Book Read Free

God and Starbucks

Page 15

by Vin Baker


  The Celtics told Jay there were indications that I had been drinking before practice, and that they were worried I had a serious problem. Jay calmly told them that this sort of accusation and alarmist response was probably not the best way to start a relationship with their newly acquired superstar power forward. Give it some time, Jay said. Everything will be fine.

  However, as part of my deal, the Celtics assigned a new member of the organization to live with me. His name was Mike Procopio, but he went by the nickname “Sweetchuck,” supposedly because he bore a resemblance to the character with that name from the Police Academy films (he’d had the nickname since high school). Physically, Sweetchuck looked like the last person you’d expect to see in the employ of a professional basketball team. He was maybe five foot seven, and weighed about two hundred pounds. But the guy loved basketball and was completely devoted to the sport, having coached at the high school and club level before he joined the Celtics the same year that I came to Boston. Sweetchuck has since become something of a legend in NBA circles, working in player development for a number of teams (he’s currently the director of player development for the Dallas Mavericks). Sweetchuck specializes in helping players improve their shooting form, body mechanics, and footwork, among other things. In 2002, when he came to work for the Celtics, Sweetchuck was basically a gofer brought in to do whatever was asked of him. One of his first assignments was to take care of me.

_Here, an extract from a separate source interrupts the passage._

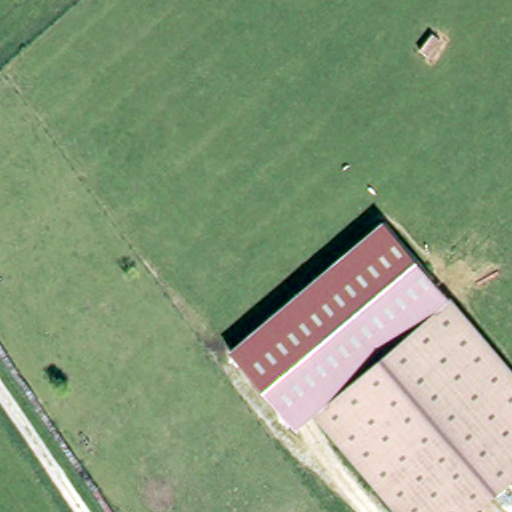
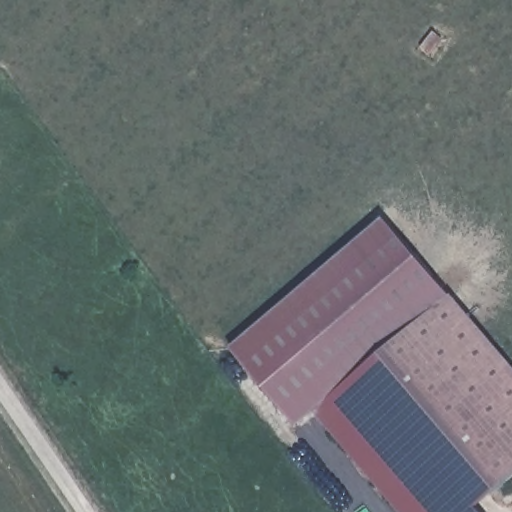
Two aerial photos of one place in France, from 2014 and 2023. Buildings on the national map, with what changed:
unchanged [(297,430),(231,348),(385,217),(455,298),(320,413),(297,430)]
unchanged [(480,510),(481,512),(401,512),(320,413),(455,298),(512,368),(512,482),(480,510)]

  A Boston native, Sweetchuck was assigned the ostensible role of helping me become acclimated to a new team and a new city. In reality, his job was to keep an eye on me and to report back to the Celtics if he saw any behavior that seemed suspicious—like drinking in the middle of the afternoon.

  When my agent found out about the Celtics assigning Sweetchuck to live with me, he was furious. But I really wasn’t that worried about it. I had a big place, so it wasn’t like Sweetchuck would be sleeping in my bedroom or following me into the bathroom. I had become quite adept at drinking sneakily, and Sweetchuck was basically a kid in his first NBA job; I figured it wouldn’t be hard to pull the wool over his eyes. In fact, I kind of liked the idea. By consenting to this degree of oversight, I conveyed a positive message: Do whatever you want. I have nothing to hide.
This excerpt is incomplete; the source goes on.